In its regular monthly reports, Trepp does not cover loans that might have paid off in the six months prior to maturity, or does it give any sense as to the financial performance of the loans as they approach their balloon dates.
From the data group it analyzed, Trepp found about 72% of the universe of loans paid off. The further breakdown on those loans: 37% paid off in the six months prior to maturity, 19% paid off on the balloon date, 9% paid after the maturity date and 7% paid off with a loss of less than 2% of the loan balance. Trepp considers that last grouping a payoff even though the loans had very modest losses.
In its report, Trepp commented, “One might ask why the 19% that ‘paid off at balloon’ is so different than the monthly numbers we publish?
“There are two reasons.

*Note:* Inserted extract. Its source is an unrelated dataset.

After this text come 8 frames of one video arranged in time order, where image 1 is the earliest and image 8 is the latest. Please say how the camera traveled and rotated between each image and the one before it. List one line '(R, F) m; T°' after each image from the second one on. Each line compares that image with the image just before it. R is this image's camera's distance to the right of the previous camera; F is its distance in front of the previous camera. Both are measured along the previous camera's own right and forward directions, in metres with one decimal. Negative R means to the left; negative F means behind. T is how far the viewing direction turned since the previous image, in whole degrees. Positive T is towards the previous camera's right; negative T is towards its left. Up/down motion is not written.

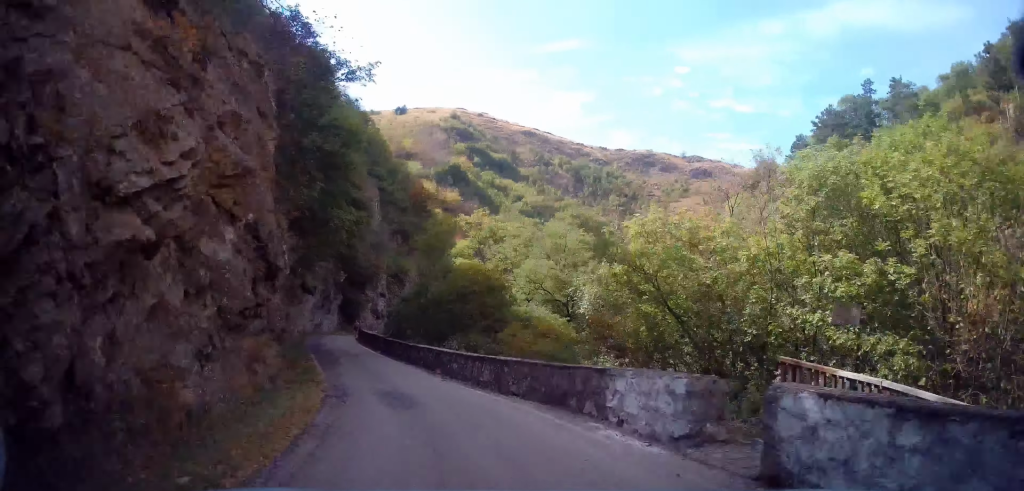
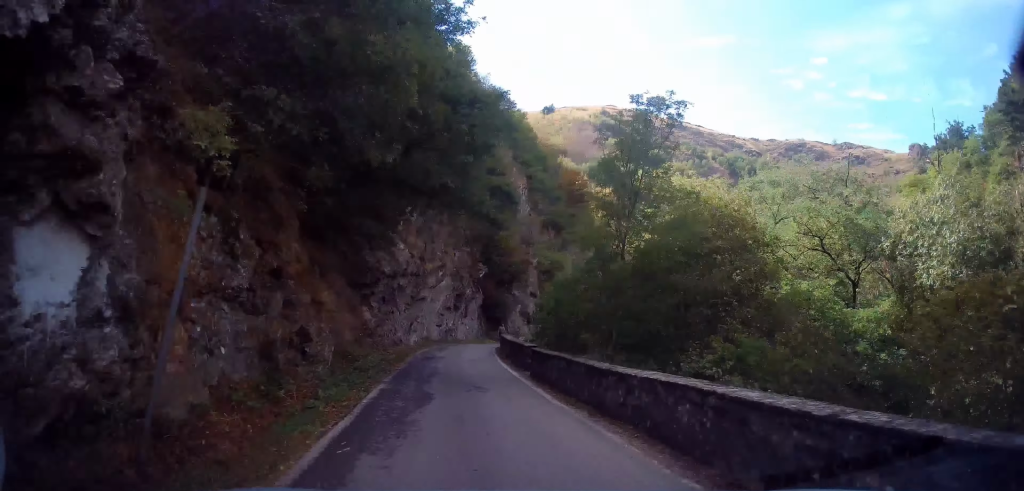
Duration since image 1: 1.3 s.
(-1.4, +12.0) m; -10°
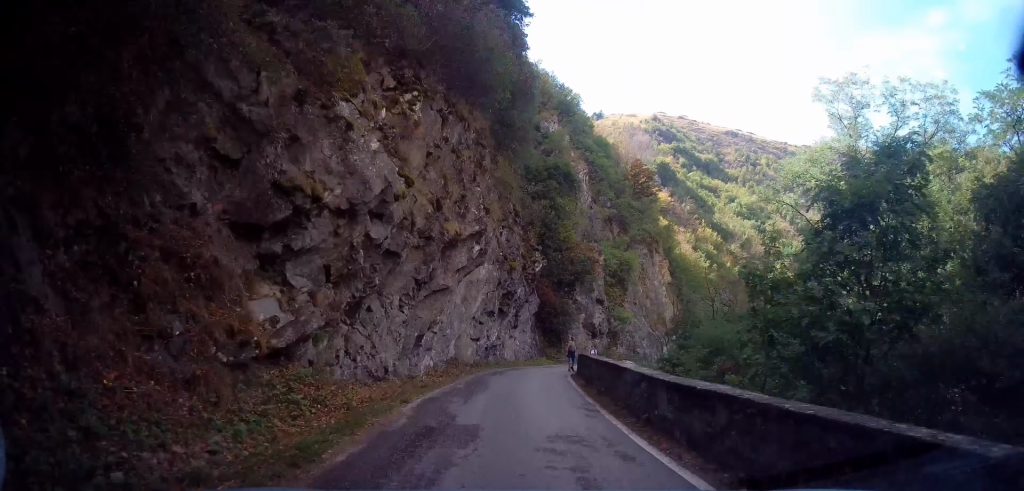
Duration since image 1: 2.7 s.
(-0.5, +13.4) m; -5°
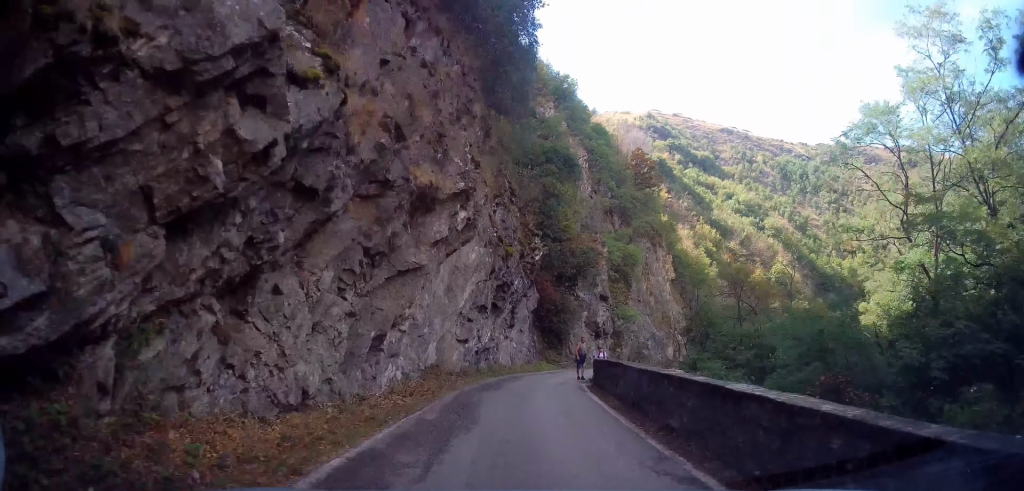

First, the loans that pay off prior to maturity are removed from the monthly number, so the denominator is significantly lower. Second, the monthly number excludes loans that enter the maturity month delinquent. Again, this reduces the denominator and makes the ‘paid off at balloon’ significantly higher.”
According to the most recent data from the company, almost 55% of the loans financed through a commercial mortgage-backed security execution reaching their balloon date in December were paid off. The 12-month moving average of payoffs was 47%.
As for 28% of loans in the data set that did not pay off last year, 18% are now past due, over 5% were modified and extended and the remaining 5% has a loss over 2% of the balance.